That snub of Anthony Grant team may have spurred the SEC's coaches into action. Today, at the conference meetings in Destin, Florida, they elected to scrap the two-division format for basketball.
Per Wes Rucker of the Knoxville News-Sentinel, the vote was 11-1 with Mississippi State head coach Rick Stansbury likely the lone dissenter.
You'll see a single table for SEC play and a straight 1 through 12 format for the SEC this season, but not an expanded schedule. Since the 2011-12 SEC basketball schedule has already been generated, an expanded schedule won't come into effect until the 2012-13 campaign. The current 16-game slate will still be an option there, as will an 18-game format. Reports say a 22-game double round-robin is also a possibility, but don't believe it. Nearly every conference caps league play at 18 games, with the lone exception, the Atlantic Sun, playing 20.

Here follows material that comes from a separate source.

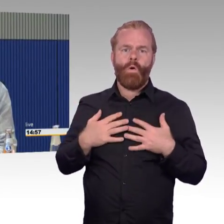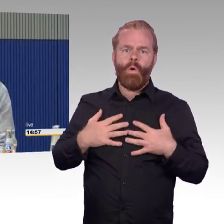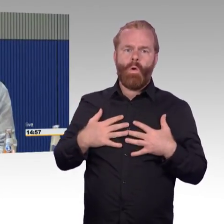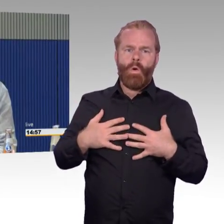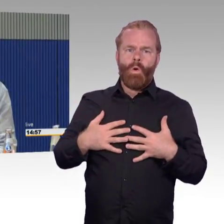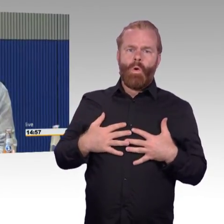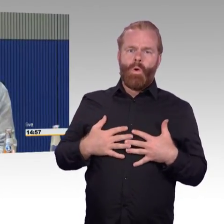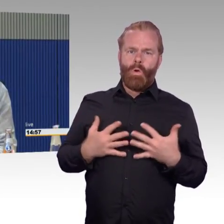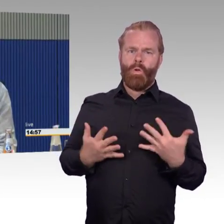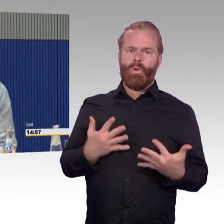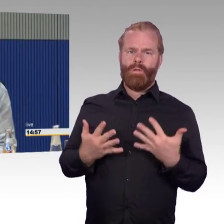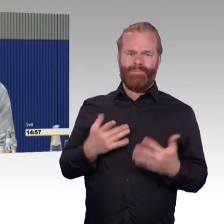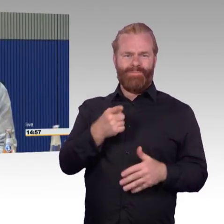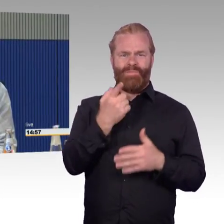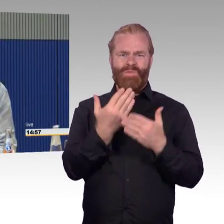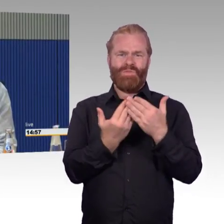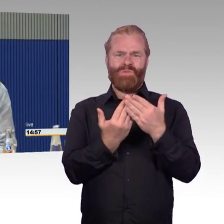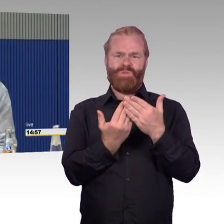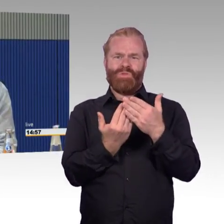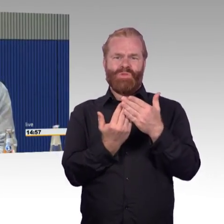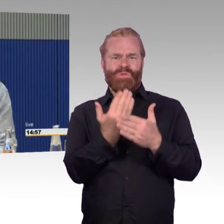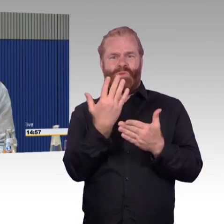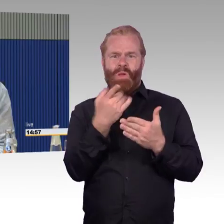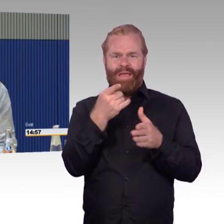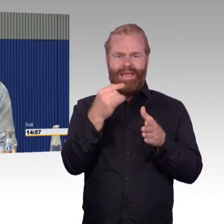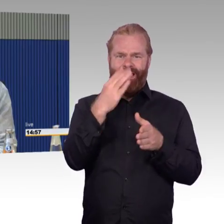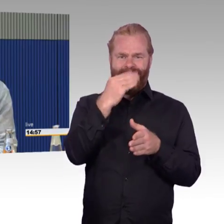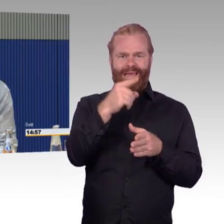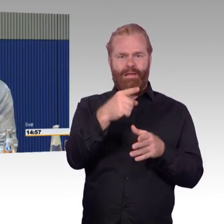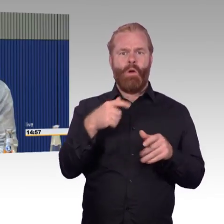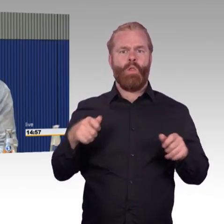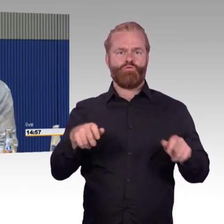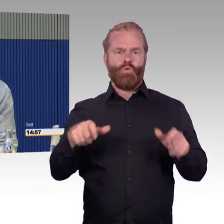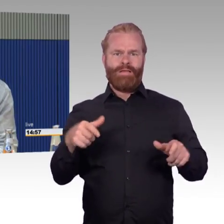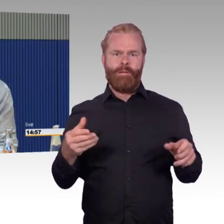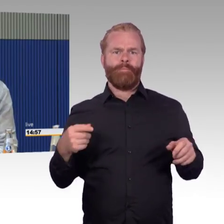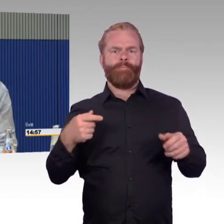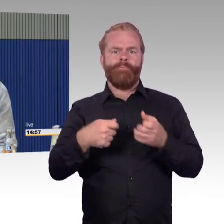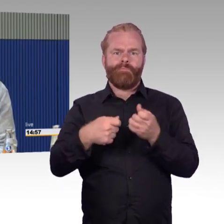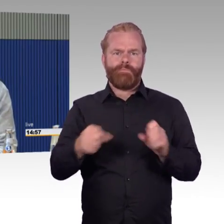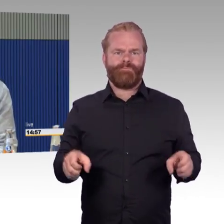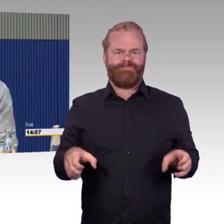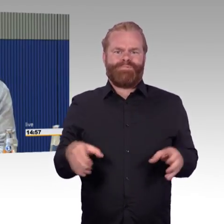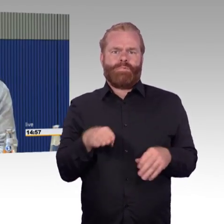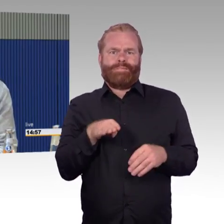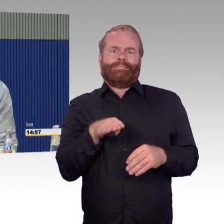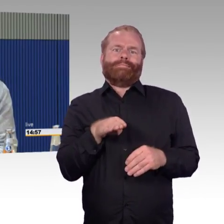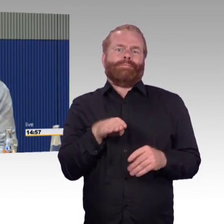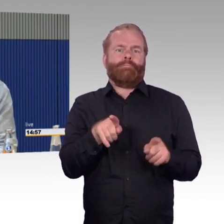wie ich sie retten kann oder retten lassen kann. Wir hatten jetzt das Vergnügen, meinen letzten Reisebericht hatte ich Ihnen geschrieben,

Our Georgia Bulldog blog, Dawg Sports, has a plan for an 18-game schedule that keeps the divisions, while changing tournament seeding to a straight 1 through 12 format. I happen to like this plan because it implements the permanent cross-division rival setup used in football. Basically, this is the format the Big 12 used for a 16-game schedule, that is, use the divisions for scheduling, but use a single table to determine the standings.
Florida Gator coach Billy Donovan suggested seeding the tournament by RPI, but that idea (thankfully) doesn't appear to have much support. The RPI has enough issues as is. It makes no sense to choose it over a revamped scheduling/standings format in determining a postseason bracket. After all, the comparisons aren't necessary in setting up a 12-team bracket as there are in a 68-team one (which sees teams left out objectively).
The SEC's athletic directors, also meeting in Destin, will next vote on the matter. Expect to see the changes set in stone in the coming days.